> _Data shown_
· · · · · · ·
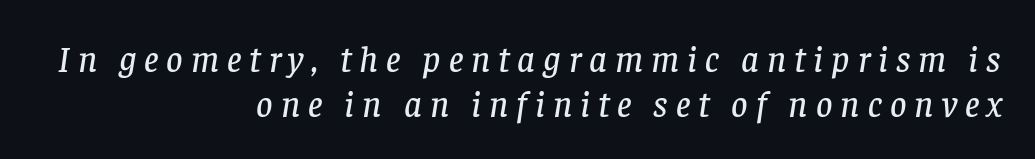
{"serif": "yes", "italic": "yes", "lean": "right", "slant_degrees": 8, "width": "normal", "stroke_contrast": "low", "x_height": "large", "monospaced": "no", "underline": "no", "align": "right", "line_spacing_ratio": 1.24, "letter_spacing": "wide", "letter_spacing_em": 0.22, "glyph_px": 36}
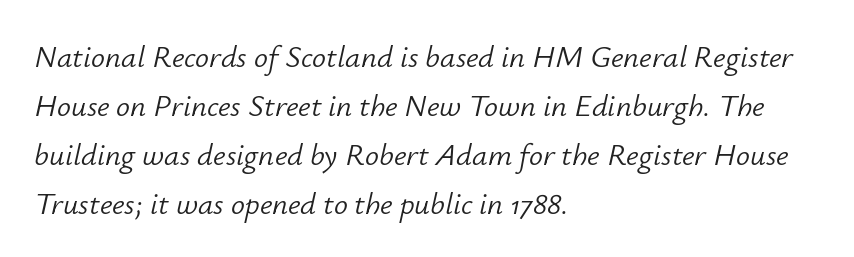
{"italic": "yes", "lean": "right", "slant_degrees": 12, "bold": "no", "weight": "light", "width": "normal", "stroke_contrast": "low", "x_height": "small", "monospaced": "no", "underline": "no", "align": "left", "line_spacing": "normal", "line_spacing_ratio": 1.58, "letter_spacing": "normal", "letter_spacing_em": 0.0, "glyph_px": 31}
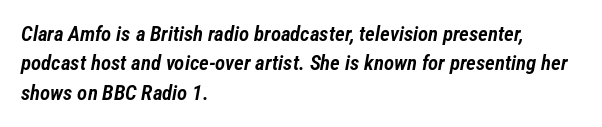
{"italic": "yes", "lean": "right", "slant_degrees": 12, "bold": "semi", "underline": "no", "align": "left", "line_spacing": "normal", "line_spacing_ratio": 1.4, "letter_spacing": "normal", "letter_spacing_em": 0.0, "glyph_px": 21}
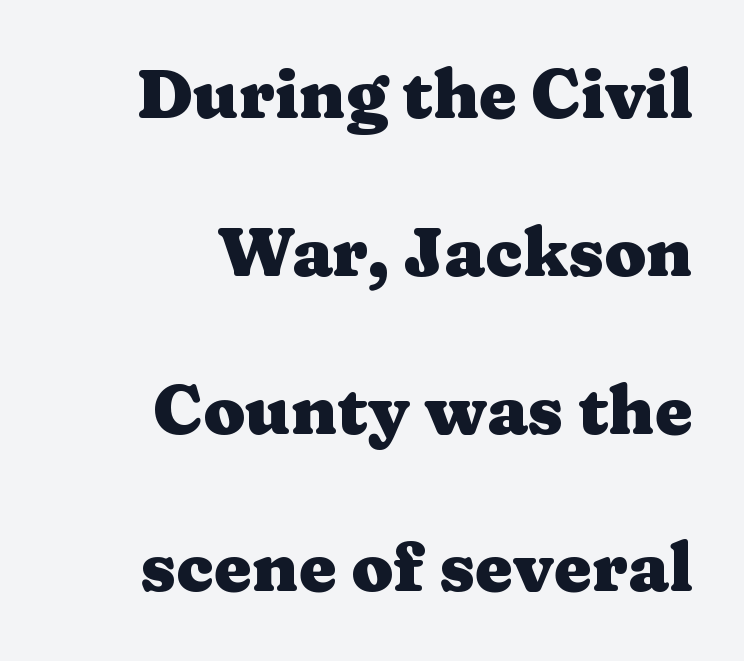
If you measured baseline to baseline, you'd find a long distance. Casual observation: everything's shoved over to the right. Varying glyph widths throughout — classic text-font behaviour. Each glyph is drawn with heavy, bold strokes. Spacing between characters is what you'd get straight out of the box. Words float on clear page, feet unadorned.
· · · · · · ·
> _Exercise requirements_
I'd like the material above repeated exactly, with the pictures omitted.

> _Answer box_
{"serif": "yes", "italic": "yes", "lean": "right", "slant_degrees": 8, "width": "normal", "stroke_contrast": "low", "x_height": "large", "monospaced": "no", "underline": "no", "align": "right", "line_spacing_ratio": 1.24, "letter_spacing": "wide", "letter_spacing_em": 0.22, "glyph_px": 36}
{"italic": "yes", "lean": "right", "slant_degrees": 12, "bold": "no", "weight": "light", "width": "normal", "stroke_contrast": "low", "x_height": "small", "monospaced": "no", "underline": "no", "align": "left", "line_spacing": "normal", "line_spacing_ratio": 1.58, "letter_spacing": "normal", "letter_spacing_em": 0.0, "glyph_px": 31}
{"italic": "yes", "lean": "right", "slant_degrees": 12, "bold": "semi", "underline": "no", "align": "left", "line_spacing": "normal", "line_spacing_ratio": 1.4, "letter_spacing": "normal", "letter_spacing_em": 0.0, "glyph_px": 21}
If you measured baseline to baseline, you'd find a long distance. Casual observation: everything's shoved over to the right. Varying glyph widths throughout — classic text-font behaviour. Each glyph is drawn with heavy, bold strokes. Spacing between characters is what you'd get straight out of the box. Words float on clear page, feet unadorned.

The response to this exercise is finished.